Additional supplementary experiments
The supplementary material also evaluates the method in a head-cropped setting against SadTalker and VASA-1. With the same general framework and a recropped dataset, the paper reports that the method matches VASA-1 closely on lip-sync and audio-pose alignment, while producing better overall video quality according to $\operatorname{FVD}_{25}$. In that setting, the reported speed is 23.3 FPS for the proposed method versus 37.9 FPS for VASA-1, but the proposed model remains substantially more flexible because it is aimed at broader portrait generation rather than only the head region.

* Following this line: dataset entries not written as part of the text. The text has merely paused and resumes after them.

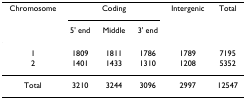
<table><thead><tr><td><b>Chromosome</b></td><td colspan="3"><b>Coding</b></td><td><b>Intergenic</b></td><td><b>Total</b></td></tr><tr><td></td><td><b>5&#x27; end</b></td><td><b>Middle</b></td><td><b>3&#x27; end</b></td><td></td><td></td></tr></thead><tbody><tr><td>1</td><td>1809</td><td>1811</td><td>1786</td><td>1789</td><td>7195</td></tr><tr><td>2</td><td>1401</td><td>1433</td><td>1310</td><td>1208</td><td>5352</td></tr><tr><td>Total</td><td>3210</td><td>3244</td><td>3096</td><td>2997</td><td>12547</td></tr></tbody></table>
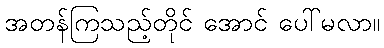
အတန်ကြသည့်တိုင် အောင် ပေါ်မလာ။
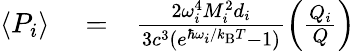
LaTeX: \begin{array}{rlr}{\langle P_{i}\rangle}&{{}=}&{\frac{2\omega_{i}^{4}M_{i}^{2}d_{i}}{3c^{3}(e^{\hbar\omega_{i}/k_{\mathrm{B}}T}-1)}\left(\frac{Q_{i}}{Q}\right)}\end{array}
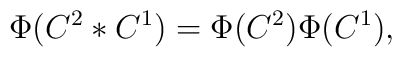
\Phi(C^2*C^1) = \Phi(C^2) \Phi(C^1),
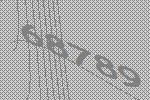
68789
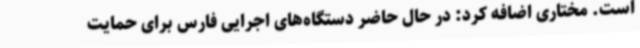
است. مختاری اضافه کرد: در حال حاضر دستگاه‌های اجرایی فارس برای حمایت
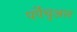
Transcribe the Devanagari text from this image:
पर्पेचुअल
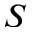
S
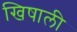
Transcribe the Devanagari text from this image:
खिषाली
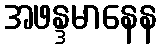
အဖန္ဒမာနေန
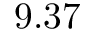
9 . 3 7
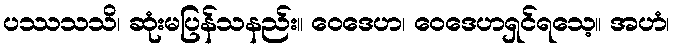
ပဿသသိ၊ ဆုံးမပြန်သနည်း။ ဝေဒေဟ၊ ဝေဒေဟရှင်ရသေ့။ အဟံ၊
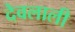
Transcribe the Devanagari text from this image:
देवलाली
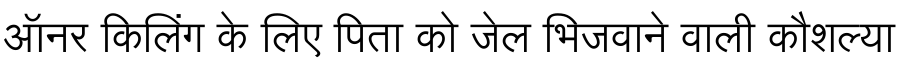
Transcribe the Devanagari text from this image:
ऑनर किलिंग के लिए पिता को जेल भिजवाने वाली कौशल्या
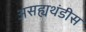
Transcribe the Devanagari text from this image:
असह्यथंडीस
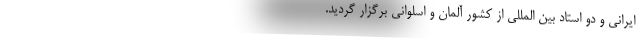
ایرانی و دو استاد بین المللی از کشور آلمان و اسلوانی برگزار گردید.
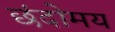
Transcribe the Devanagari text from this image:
छंदोमय
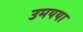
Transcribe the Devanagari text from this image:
उमयया
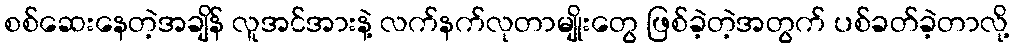
စစ်ဆေးနေတဲ့အချိန် လူအင်အားနဲ့ လက်နက်လုတာမျိုးတွေ ဖြစ်ခဲ့တဲ့အတွက် ပစ်ခတ်ခဲ့တာလို့
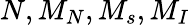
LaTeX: N,M_{N},M_{s},M_{I}
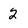
Character: 2
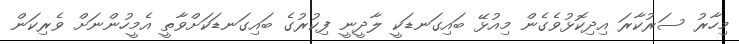
މިހާރު ސަރުކާރަ އިދިކޮޅުވެގެން މިއުޅޭ ބައިގަނޑަކީ ލާދީނީ ފިކުރުގެ ބައިގަނޑަކަށްވާތީ އެމީހުންނަށް ވެރިކަން
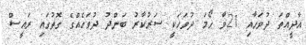
އާދީއްތަ ދުވަހާއި 21ވާ ހޯމަ ދުވަހަކީ ސަރުކާރު ބަންދު ދުވަހެއްގެ ގޮތުގައި ރައީސް
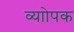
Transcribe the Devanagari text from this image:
व्याोपक
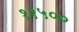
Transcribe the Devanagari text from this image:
११५००
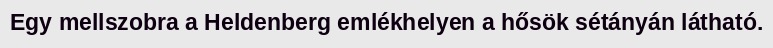
Egy mellszobra a Heldenberg emlékhelyen a hősök sétányán látható.
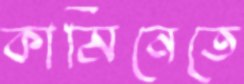
কামিনেতে
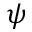
\psi
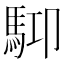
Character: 𩢞
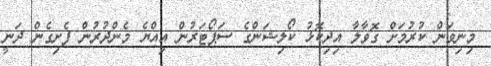
މިނިވަން ކުރުމަށް ގޮވާލާ އިދިކޮޅު ކޯލިޝަންގެ ސަޕޯޓަރުން އިއްޔެ މެންދުރުން ފެށިގެން ދަނީ
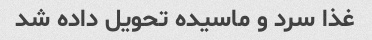
غذا سرد و ماسیده تحویل داده شد
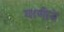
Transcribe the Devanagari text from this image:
घाणीने
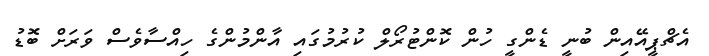
އެޗްޕީއޭއިން ބުނީ ޑެންގީ ހުން ކޮންޓުރޯލް ކުރުމުގައި އާންމުންގެ ހިއްސާވެސް ވަރަށް ބޮޑު
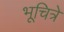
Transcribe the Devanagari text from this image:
भूचित्रे
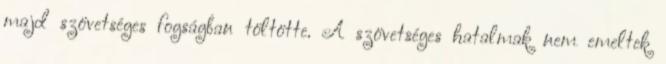
majd szövetséges fogságban töltötte. A szövetséges hatalmak nem emeltek
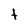
Character: t
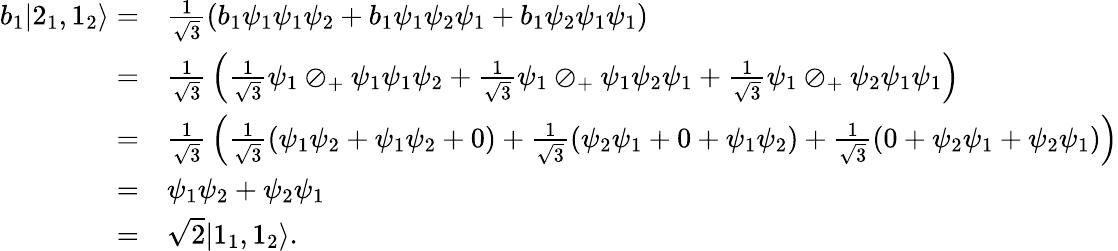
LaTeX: {\begin{array}{rl}{b_{1}|2_{1},1_{2}\rangle=}&{{\frac{1}{\sqrt{3}}}(b_{1}\psi_{1}\psi_{1}\psi_{2}+b_{1}\psi_{1}\psi_{2}\psi_{1}+b_{1}\psi_{2}\psi_{1}\psi_{1})}\\ {=}&{{\frac{1}{\sqrt{3}}}\left({\frac{1}{\sqrt{3}}}\psi_{1}\oslash_{+}\psi_{1}\psi_{1}\psi_{2}+{\frac{1}{\sqrt{3}}}\psi_{1}\oslash_{+}\psi_{1}\psi_{2}\psi_{1}+{\frac{1}{\sqrt{3}}}\psi_{1}\oslash_{+}\psi_{2}\psi_{1}\psi_{1}\right)}\\ {=}&{{\frac{1}{\sqrt{3}}}\left({\frac{1}{\sqrt{3}}}(\psi_{1}\psi_{2}+\psi_{1}\psi_{2}+0)+{\frac{1}{\sqrt{3}}}(\psi_{2}\psi_{1}+0+\psi_{1}\psi_{2})+{\frac{1}{\sqrt{3}}}(0+\psi_{2}\psi_{1}+\psi_{2}\psi_{1})\right)}\\ {=}&{\psi_{1}\psi_{2}+\psi_{2}\psi_{1}}\\ {=}&{{\sqrt{2}}|1_{1},1_{2}\rangle.}\end{array}}
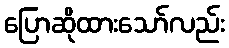
ပြောဆိုထားသော်လည်း
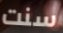
سنت
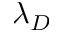
\lambda _ { D }
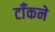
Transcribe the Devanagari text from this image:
टाँकने
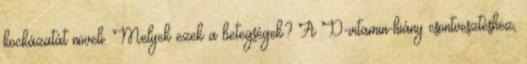
kockázatát növeli. Melyek ezek a betegségek? A D-vitamin-hiány csontvesztéshez,
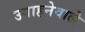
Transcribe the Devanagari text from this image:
उगाहनेवाले
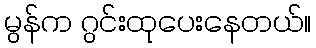
မွန်က ဂွင်းထုပေးနေတယ်။
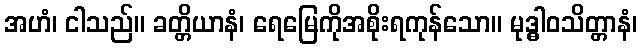
အဟံ၊ ငါသည်။ ခတ္တိယာနံ၊ ရေမြေကိုအစိုးရကုန်သော။ မုဒ္ဓါဝသိတ္တာနံ၊
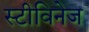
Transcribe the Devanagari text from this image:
स्टीविनेज
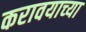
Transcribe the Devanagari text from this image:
करावयाच्‍या
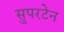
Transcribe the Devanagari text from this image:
सुपरटेन
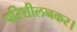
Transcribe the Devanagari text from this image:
परिशीलनकर।
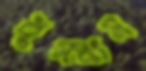
ধুমধাম
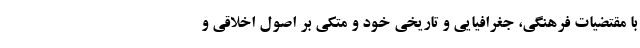
با مقتضیات فرهنگی، جغرافیایی و تاریخی خود و متکی بر اصول اخلاقی و
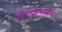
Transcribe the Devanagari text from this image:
जिल्ह्यायातील
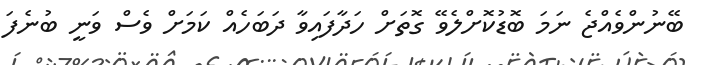
ބޭނުންވެއްޖެ ނަމަ ބޮޑުކޮށްލެވޭ ގޮތަށް ހަދާފައިވާ ދަބަހެއް ކަމަށް ވެސް ވަނީ ބުނެފަ
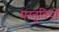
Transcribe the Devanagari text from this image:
प्रस्‍तुतियों
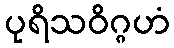
ပုရိသဝိဂ္ဂဟံ
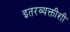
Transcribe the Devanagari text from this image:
इतरव्यक्तीशी
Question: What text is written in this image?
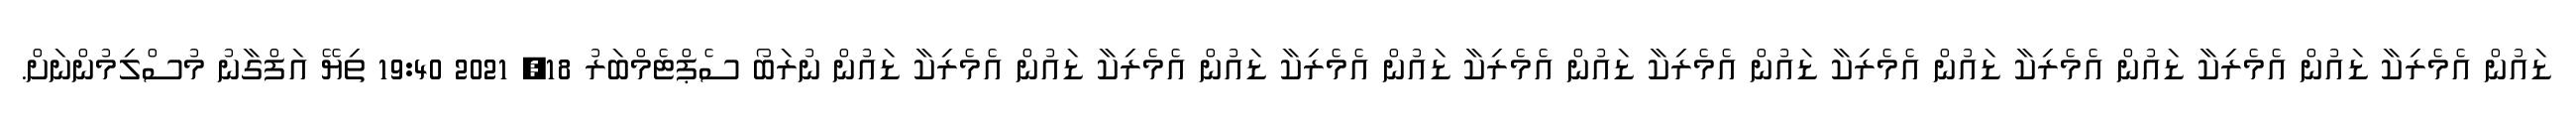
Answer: ޑައުން އެމެރިކާ ޑައުން އެމެރިކާ ޑައުން އެމެރިކާ ޑައުން އެމެރިކާ ޑައުން އެމެރިކާ ޑައުން އެމެރިކާ ޑައުން އެމެރިކާ ޑައުން އެމެރިކާ ޑައުން އެމެރިކާ ޑައުން ނުރަބޯ ސެޕްޓެމްބަރު 18, 2021 19:40 ތިޔޭ އަފްގާނު މުސްލިމުންނަށް.
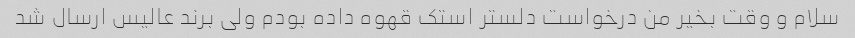
سلام و وقت بخیر من درخواست دلستر استک قهوه داده بودم ولی برند عالیس ارسال شد
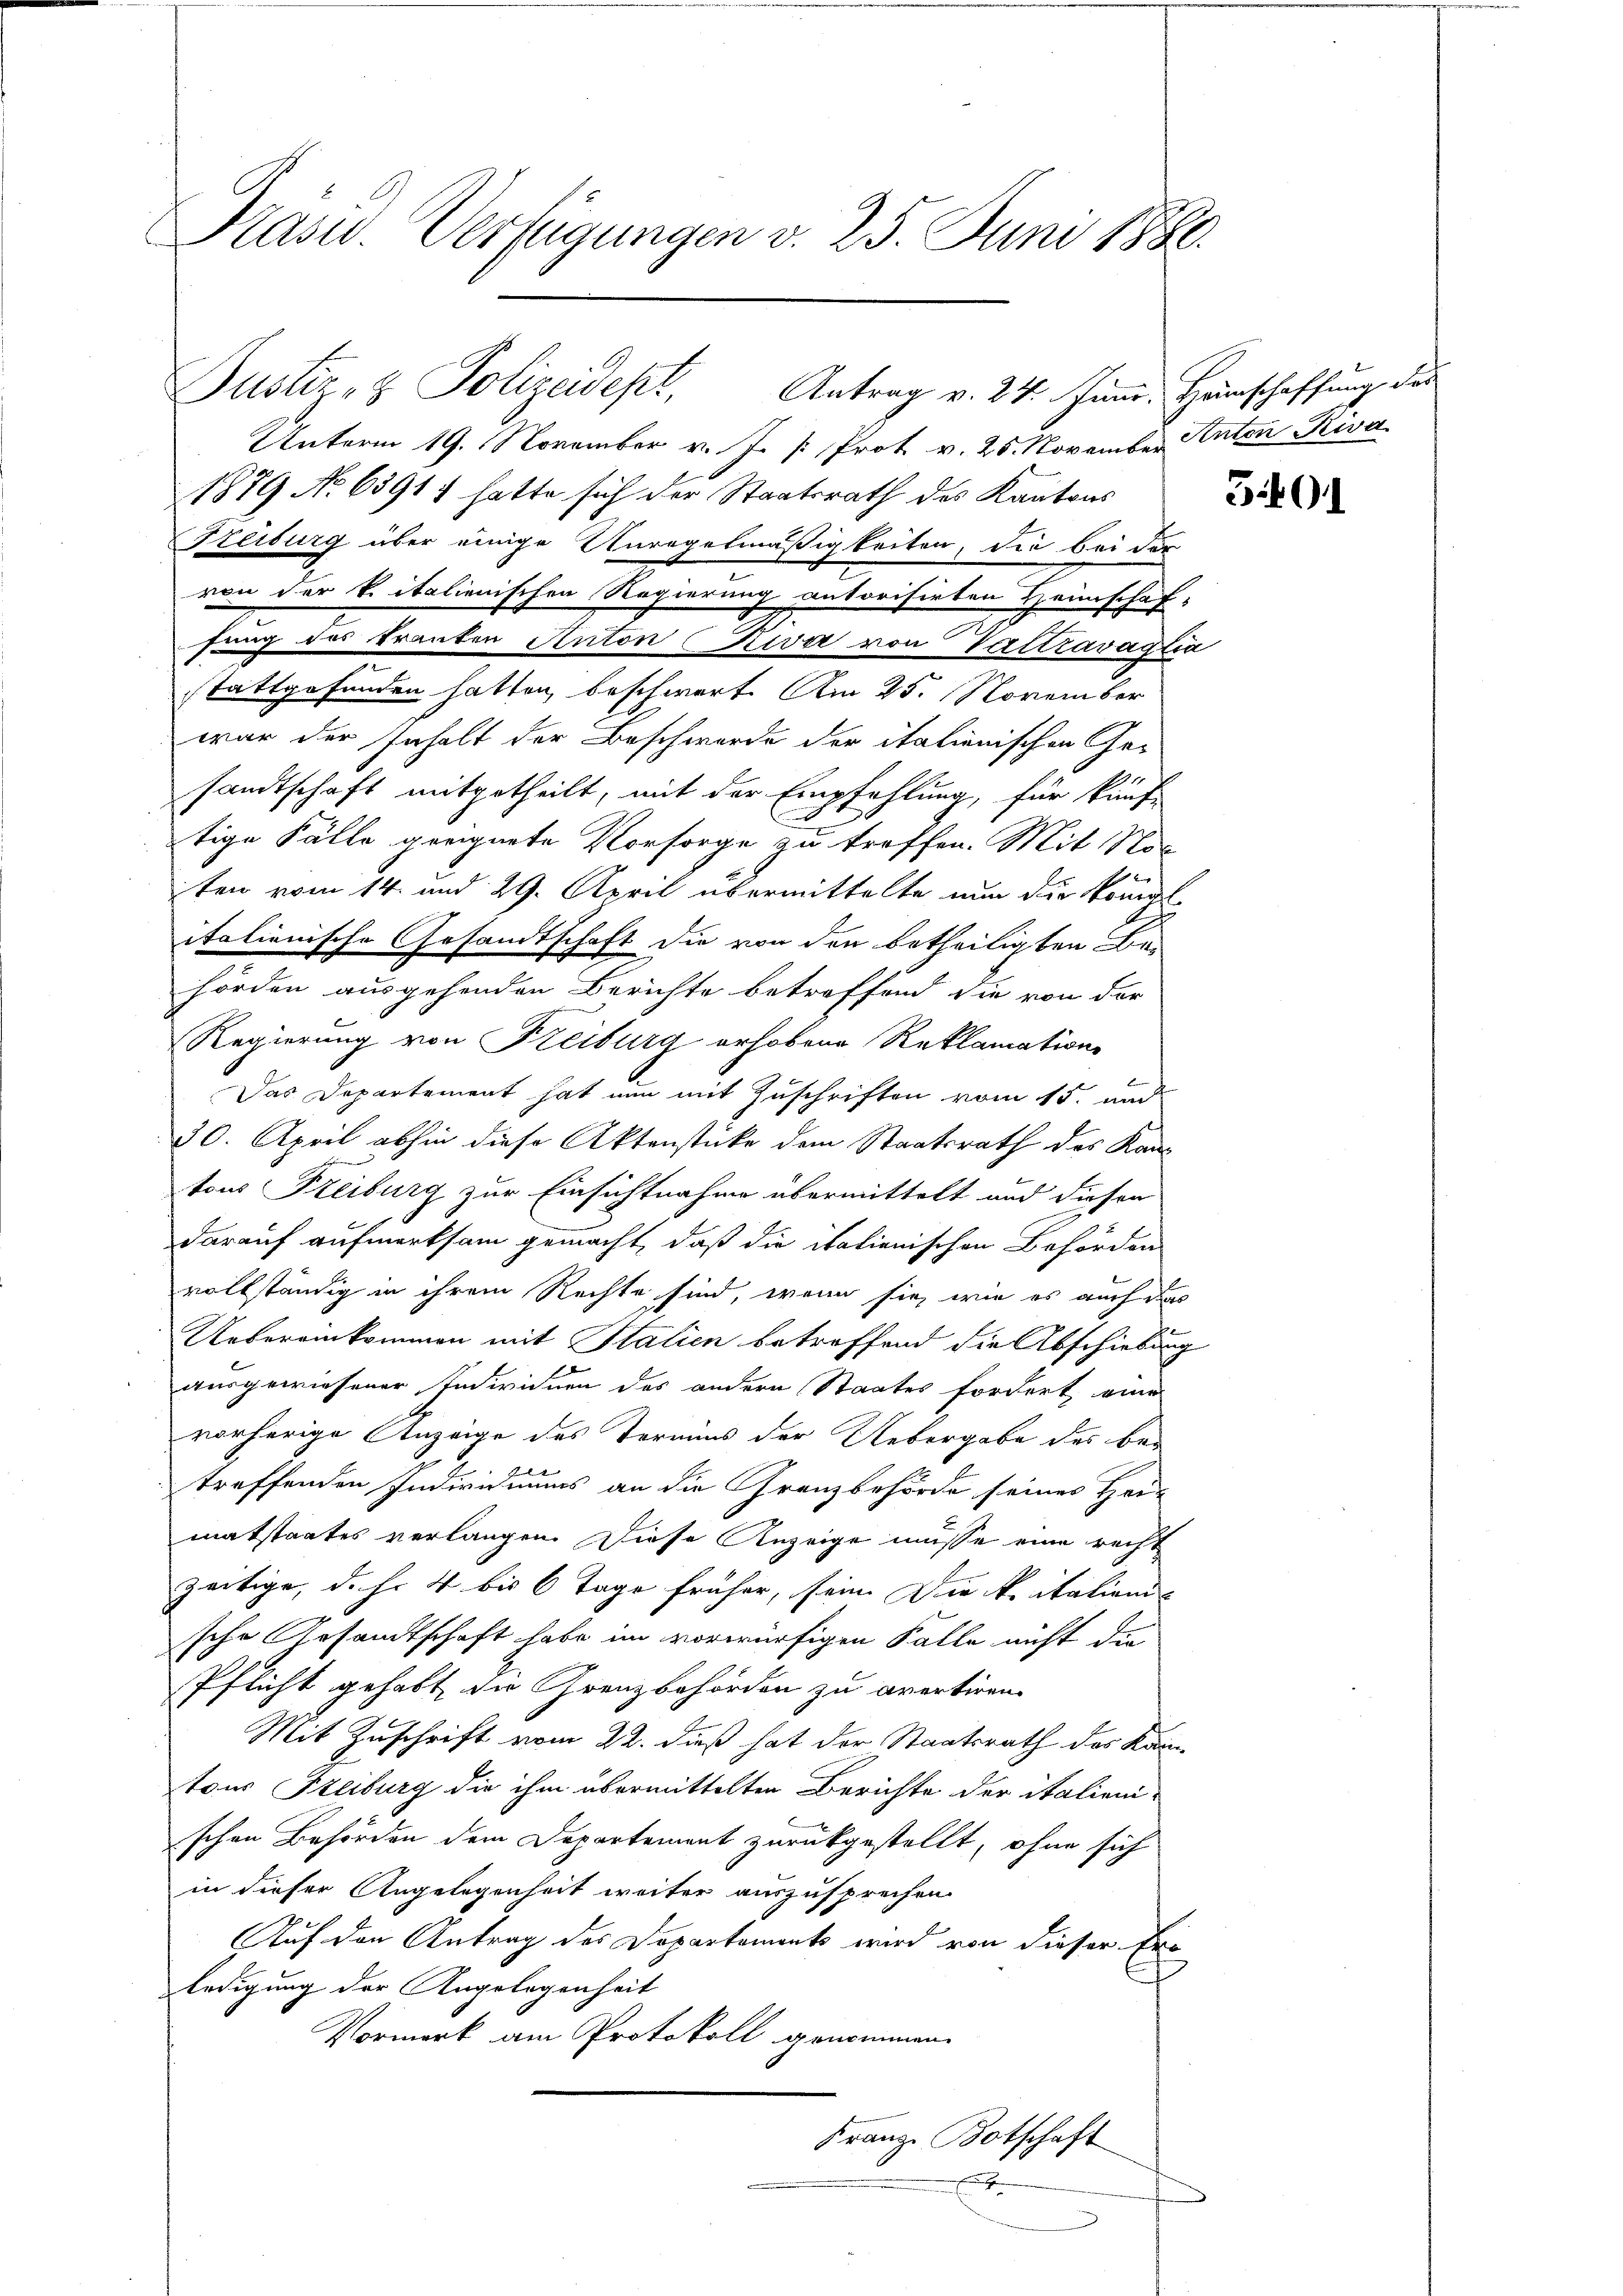
Kasw. Verfügungen v. 25. Juni 1880.

Unterm 19. November v. J. [ Prot v. 25. November Anton Riva
1879 No 63917 hatte sich der Staatsrath des Kantons
Freiburg über einige Unregelmäßigkeiten, die bei der
von der k. italienischen Regierung autorisirten Heimschaf-
fung des Tranken Anton Riva von Vattravaglia
stattgefunden hatten, beschwert. Am 25. November
war der Inhalt der Beschwerde der italienischen Ge-
sandtschaft mitgetheilt, mit der Empfehlung, für kauf-
tige Fälle geeignete Vorsorge zu treffen. Mit No

ten vom 14. und 29. April übermittelte nun die kompl
italienische Gesandtschaft die von den betheiligten Behörden ausgehenden Berichte betreffend die von der
Regierung von Freiburg erhobene Reklamation
Das Departement hat nun mit Zuschriften vom 15. und
30. April abhin diese Aktenstücke dem Staatsrath des Kan
tons Freiburg zur Einsichtnahme übermittelt und diesen
darauf aufmerksam gemacht, daß die italienischen Behörden
vollständig in ihrem Rechte sind, wenn sie, wie es auch das
Uebereinkommen mit Stalien betreffend die Abschiebung
ausgewiesener Individuen des andern Staates fordert, eines
vorherige Anzeige des Termins der Uebergabe des bei
treffenden Individuums an die Grenzbehörde seines Hei-
matstaates verlangen. Diese Anzeige müsse eine recht
zeitige, d.h. 4 bis 6 Tage früher, sein Die kritations
sche Gesandtschaft habe im vorwürfigen Falle nicht die
Pflicht gehabt, die Grenzbehörden zu avertiren.
Mit Zuschrift vom 22. dieß hat der Staatsrath des Kamtous Freiburg die ihm übermittelten Berichte der italienischen Behörden dem Departement zurückgestellt, ohne sich
in dieser Angelegenheit weiter auszusprechen.
Auf den Antrag des Departaments wird von dieser Er-
ledigung der Angelegenheit
Vormerk am Protokoll genommen.
Franz-Botschaft

Justiz- & Polizeidepl, Antrag v. 24. Jun. Heinschaffung des

t

3401
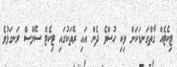
ޓިކެޓެއް ގާތްގަނޑަކަށް ވިކި ހުސްވެ ދެން އައި ރޭތަކުގައި ޓިކެޓް ސޭލްސް ރަނގަޅުވެ
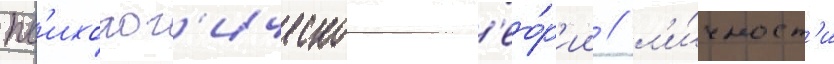
пс'ихолог'ическои т'ео́р'ии / л'и́чност'и
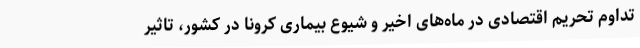
تداوم تحریم اقتصادی در ماه‌های اخیر و شیوع بیماری کرونا در کشور، تاثیر
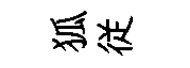
狐従
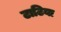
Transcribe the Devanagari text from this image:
टाटिया
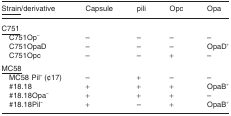
<table><thead><tr><td><b><underline>Strain</underline>/derivative</b></td><td><b>Capsule</b></td><td><b>pili</b></td><td><b>Opc</b></td><td><b>Opa</b></td></tr></thead><tbody><tr><td colspan="5"><underline>C751</underline></td></tr><tr><td>C751Op<sup>–</sup></td><td>–</td><td>–</td><td>–</td><td>–</td></tr><tr><td>C751OpaD</td><td>–</td><td>–</td><td>–</td><td>OpaD<sup>+</sup></td></tr><tr><td>C751Opc</td><td>–</td><td>–</td><td>+</td><td>–</td></tr><tr><td colspan="5"><underline>MC58</underline></td></tr><tr><td>MC58 Pil<sup>+</sup> (¢17)</td><td>–</td><td>+</td><td>–</td><td>–</td></tr><tr><td>#18.18</td><td>+</td><td>+</td><td>+</td><td>OpaB<sup>+</sup></td></tr><tr><td>#18.18Opa<sup>–</sup></td><td>+</td><td>+</td><td>+</td><td>–</td></tr><tr><td>#18.18Pil<sup>–</sup></td><td>+</td><td>–</td><td>+</td><td>OpaB<sup>+</sup></td></tr></tbody></table>
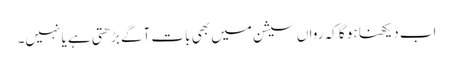
اب دیکھنا ہو گا کہ رواں سیشن میں بھی بات آگے بڑھتی ہے یا نہیں۔
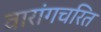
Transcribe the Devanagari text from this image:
वारांगचरित
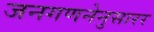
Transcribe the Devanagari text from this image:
जनगणनेनुसारर
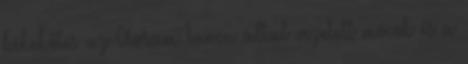
békekötés az Avram Iancu által vezetett mócok és a
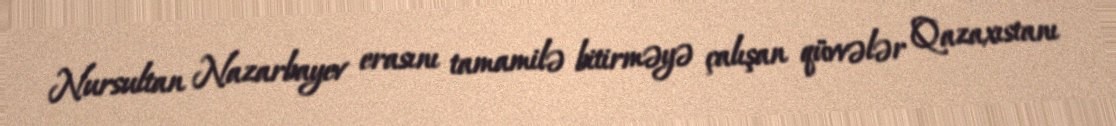
Nursultan Nazarbayev erasını tamamilə bitirməyə çalışan qüvvələr Qazaxıstanı
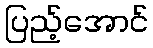
ပြည့်အောင်
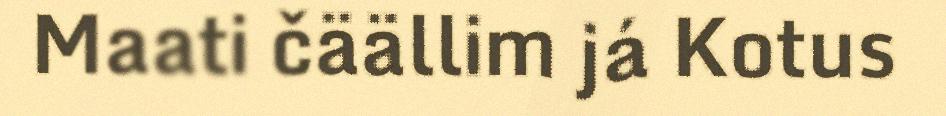
Maati čäällim já Kotus
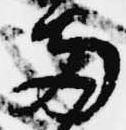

The supplementary text also studies classifier-free guidance. Increasing audio guidance improves lip-sync but can reduce diversity; increasing reference guidance similarly sharpens identity alignment and stability but may hurt diversity if pushed too far. The default setting is $\lambda_a = \lambda_r = 2$, which gives the best balance in the reported ablation.
Limitations
The paper is explicit about two limitations. First, the method does not provide fine-grained control over attributes such as eye gaze and head pose; the authors suggest adding more motion-conditioning signals during denoising as a possible remedy. Second, the current framework does not support hand motion or larger-scale body movement. The paper suggests that broader datasets with richer human-region coverage and more expressive motion patterns would be needed to address that limitation.
Conclusion
The paper presents a streamable audio-driven talking portrait system that combines a causal, reference-guided deep-compression VAE with a blockwise autoregressive Rectified Flow Transformer. The design is explicitly optimized for real-time inference: the latent compression ratio is very high, reference images improve reconstruction fidelity, and the generator can be cached and streamed block by block. Across the reported benchmarks, the method achieves strong synchronization and video quality while running at real-time speed, and the paper positions this as a practical alternative to heavy diffusion-based portrait generators for interactive applications.